[Records drawn from a dataset]
-=-=-

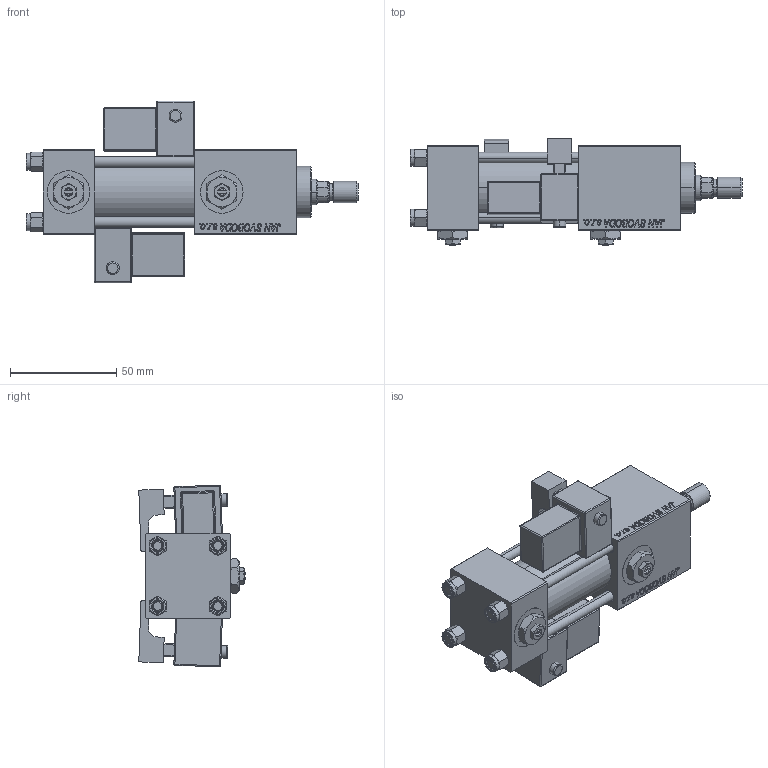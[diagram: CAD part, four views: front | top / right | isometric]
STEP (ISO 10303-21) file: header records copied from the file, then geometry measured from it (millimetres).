
FILE_DESCRIPTION (( 'STEP AP203' ), '1' );
FILE_NAME ('4a77.STEP', '2022-04-14T20:24:32', ( '' ), ( '' ), 'SwSTEP 2.0', 'SolidWorks 2019', '' );
FILE_SCHEMA (( 'CONFIG_CONTROL_DESIGN' ));
Length unit declared in the file: millimetre
Products named in the file (9): ROD_END_AH 7b01eb50aac2ad4e3f728beb428b5bda; V215CR_MSU 7b01eb50aac2ad4e3f728beb428b5bda; NUT_M5_C 7b01eb50aac2ad4e3f728beb428b5bda; V215CR_C_Body 7b01eb50aac2ad4e3f728beb428b5bda; V215_VC_A 7b01eb50aac2ad4e3f728beb428b5bda; V215CR_C_TYCINKA 7b01eb50aac2ad4e3f728beb428b5bda; Zatka_pro_OIL_PORT 7b01eb50aac2ad4e3f728beb428b5bda; V215CR_VCP_C 7b01eb50aac2ad4e3f728beb428b5bda; 4a77
Assembly tree (16 placements, depth 2):
  4a77
    V215CR_C_Body 7b01eb50aac2ad4e3f728beb428b5bda
    V215CR_VCP_C 7b01eb50aac2ad4e3f728beb428b5bda
    NUT_M5_C 7b01eb50aac2ad4e3f728beb428b5bda  x4
    V215CR_C_TYCINKA 7b01eb50aac2ad4e3f728beb428b5bda  x4
    V215_VC_A 7b01eb50aac2ad4e3f728beb428b5bda
    ROD_END_AH 7b01eb50aac2ad4e3f728beb428b5bda
    V215CR_MSU 7b01eb50aac2ad4e3f728beb428b5bda  x2
    Zatka_pro_OIL_PORT 7b01eb50aac2ad4e3f728beb428b5bda  x2
Bounding box: 156 x 49.99 x 85.39 mm (x, y, z)
Volume: 182131.2 mm3; surface area: 68921.6 mm2
Topology: 16 solids, 16 shells, 1426 faces, 3510 edges, 2221 vertices
Faces by surface type: plane 640, bspline 392, cone 182, cylinder 166, sphere 24, torus 22
Entity records: 55020 total; most frequent: CARTESIAN_POINT 28107, ORIENTED_EDGE 5926, DIRECTION 4055, EDGE_CURVE 2963, VERTEX_POINT 1919, LINE 1753, VECTOR 1753, EDGE_LOOP 1324

-=-=-

Brief:
Begin with the first line of the records and repeat every line up to the one with "FILE_DESCRIPTION (( 'STEP AP203' ), '1' );", counting that line too. Pictures are not part of the copy.

Task solution:
[diagram: CAD part, four views: front | top / right | isometric]
STEP (ISO 10303-21) file: header records copied from the file, then geometry measured from it (millimetres).
FILE_DESCRIPTION (( 'STEP AP203' ), '1' );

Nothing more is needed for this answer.